Oh i want to be the princess.
I want to be!
Whoever gets first!
Ohh alright fine!
I'll just be the guy from 300.
I think the dragon's looking at my boods.
Why did you rewind daddy?
I was hoping to reach the princess first this time
Oh well not again!
Haha! I love my loser daddy!
Hmm well enough with this video,
I'll check my Facebook now.
Alessa posted:
"21/12 - End of the world"
"22/12 - Noo :( i survived the end of the world"
"25/12 - Christmas time!"
"31/12 - I'll sleep in 2012 and wake in 2013!"
"1/1 - I remember 2012 like it was yesterday.."
God i'll go get drunk.
Well this pretty sums up the whole Facebook experience.
Note to self: Remember to post on Facebook:
"It's snowing, LOL!!"
Where did the window go?
I was just looking out of it,
and i didn't even start drinking.
I'll start now.
Got these ice cubes from my door steps a while ago,
that's the good thing about this weather.
Two..
Three.
And some whiskey,
i must look proffesional.
Speaking about being proffesional
i don't need i flashlight to look in the dark
i have my lamp.
Ahh much better!
"What light throught yonder window breaks?!"
I am so deep.
I'll post that on Facebook
people must know!
[RING, RING!!]
Is my new patient here? She's early.
Your new patient is here. She's early.
That's what i said.
Jesus what am i paying you?
A car is about to crash,
i'll take a video of it
post it on Facebook.
Where should i park?
Oh i found a spot!
Quick, before someone else takes it.
There we go.
I need to sign up to Alcoholic Anonymous meetings,
those drinks are really getting to me.
I keep forgetting i can't get out with the seatbelt on.
I get out like i park.
Where are my glasses?
Dizzy..
Oh here they are!
Rise and shine Cheryl!
What happened?
I gave you a bit of my whiskey
and you passed out at the first sip.
You were snoring.
And i'm not going to give any again
the rest is mine.
So i've read your notes and i saw the video.
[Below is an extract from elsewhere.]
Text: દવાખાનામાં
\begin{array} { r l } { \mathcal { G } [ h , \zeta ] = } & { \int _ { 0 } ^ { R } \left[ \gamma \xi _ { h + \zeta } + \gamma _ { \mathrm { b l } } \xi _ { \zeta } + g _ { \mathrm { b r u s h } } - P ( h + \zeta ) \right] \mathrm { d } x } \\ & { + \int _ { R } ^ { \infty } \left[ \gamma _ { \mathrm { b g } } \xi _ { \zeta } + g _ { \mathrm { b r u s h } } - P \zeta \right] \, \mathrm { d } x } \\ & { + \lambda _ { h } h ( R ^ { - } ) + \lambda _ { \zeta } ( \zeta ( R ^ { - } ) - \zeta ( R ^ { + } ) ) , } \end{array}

And i also took a video of your dad crashing with the car.
What?
But don't worry it's not like i'm going to post it anywhere.
Your therapy sessions with me are going to be different.
No theories, no drugs not even health drinks.
We'll go back at the start, understand what's happened.
Now i want you to look at this short form.
But you said no theories.
I lied.
Answer truthfully while i keep starring at you.
You little liar i'll show you now. False.
False.
Mmm true.
Ohh! This multi-touch screen on the Ipad sucks.
False, false. And false.
Lets see what you did there.
Is it true that you've been unfaithful?
Ok.
I didn't say anything!
I undestood from your eye movement.
It's creeping me out by the way.
Good!
I'll install it on your shoulder then.